Give the data below again exactly as it stands. Omit the pictures.

+ + + +

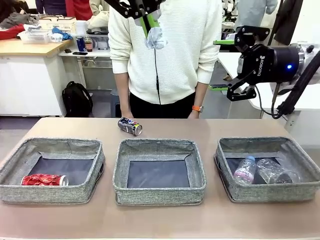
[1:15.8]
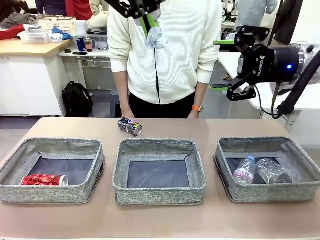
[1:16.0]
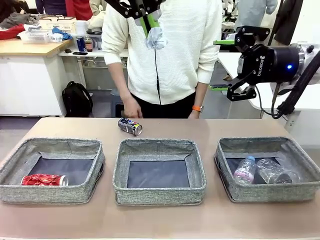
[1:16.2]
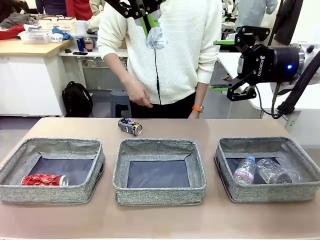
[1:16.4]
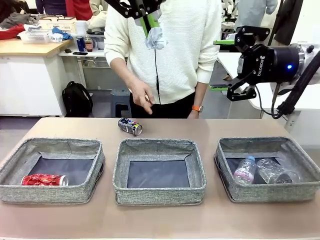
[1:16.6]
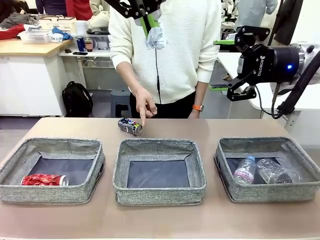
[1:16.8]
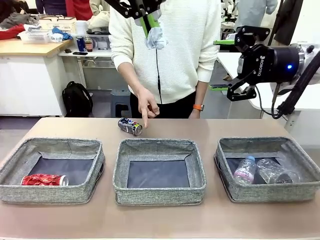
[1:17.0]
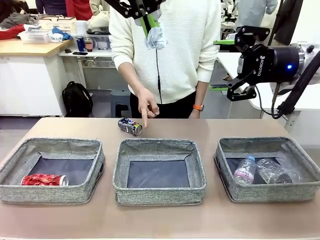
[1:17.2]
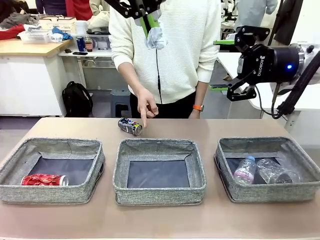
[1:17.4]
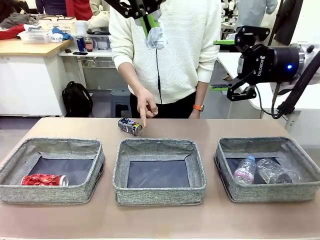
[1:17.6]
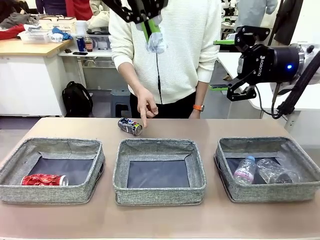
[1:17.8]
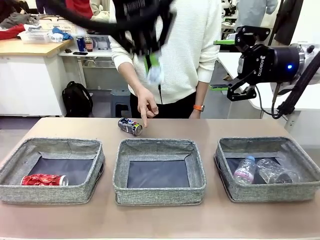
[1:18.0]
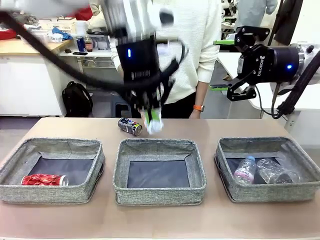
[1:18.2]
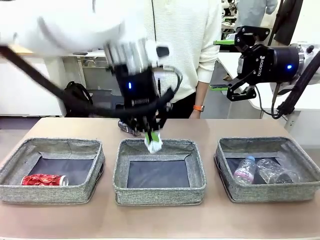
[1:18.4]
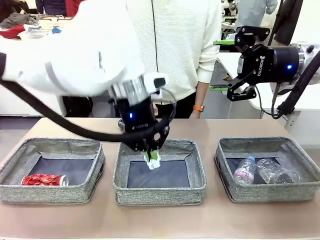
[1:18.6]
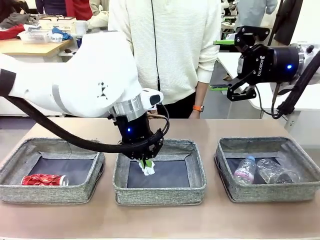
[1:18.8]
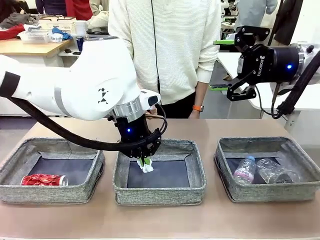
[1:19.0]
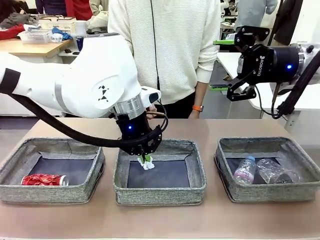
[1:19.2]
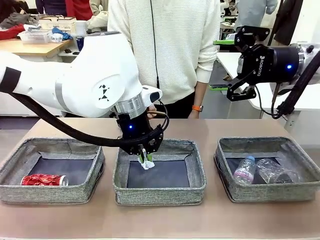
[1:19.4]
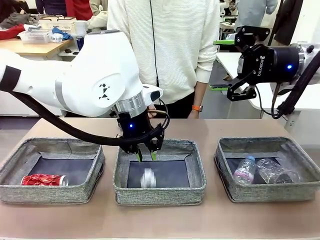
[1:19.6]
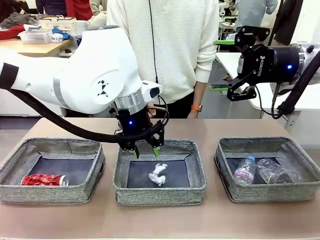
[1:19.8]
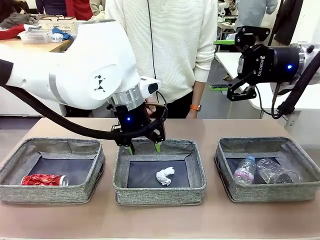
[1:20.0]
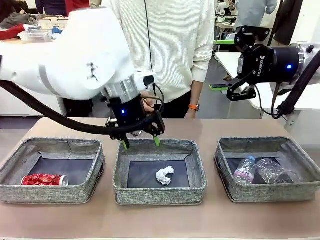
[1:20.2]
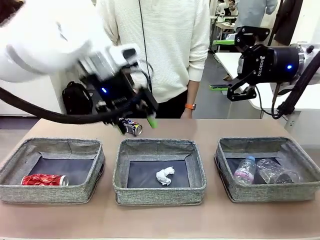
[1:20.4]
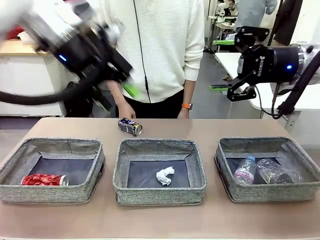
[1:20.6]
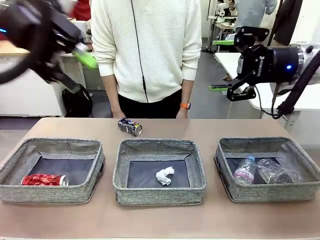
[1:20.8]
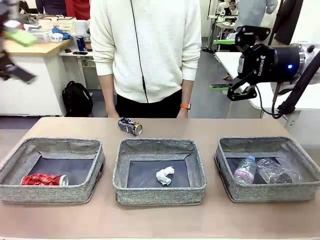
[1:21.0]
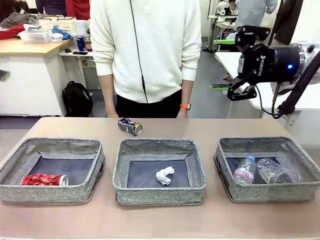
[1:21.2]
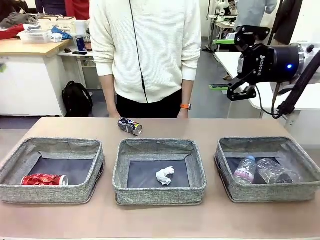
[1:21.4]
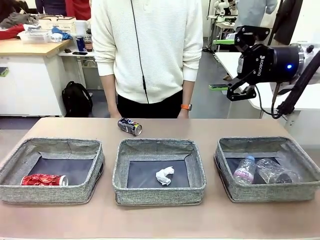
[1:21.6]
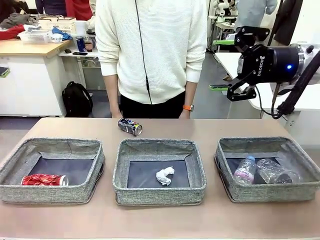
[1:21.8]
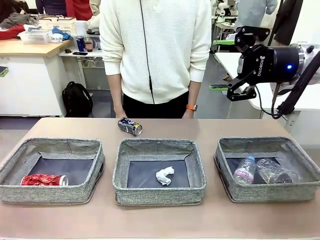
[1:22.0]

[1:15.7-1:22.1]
Robot: Place the picked waste into the Fabric basket indicated by the person.
Person: Instructs the robot to place the picked-up trash into the appropriate organizing basket.

+ + + +

## RESULT:
[1:15.8]
[1:16.0]
[1:16.2]
[1:16.4]
[1:16.6]
[1:16.8]
[1:17.0]
[1:17.2]
[1:17.4]
[1:17.6]
[1:17.8]
[1:18.0]
[1:18.2]
[1:18.4]
[1:18.6]
[1:18.8]
[1:19.0]
[1:19.2]
[1:19.4]
[1:19.6]
[1:19.8]
[1:20.0]
[1:20.2]
[1:20.4]
[1:20.6]
[1:20.8]
[1:21.0]
[1:21.2]
[1:21.4]
[1:21.6]
[1:21.8]
[1:22.0]

[1:15.7-1:22.1]
Robot: Place the picked waste into the Fabric basket indicated by the person.
Person: Instructs the robot to place the picked-up trash into the appropriate organizing basket.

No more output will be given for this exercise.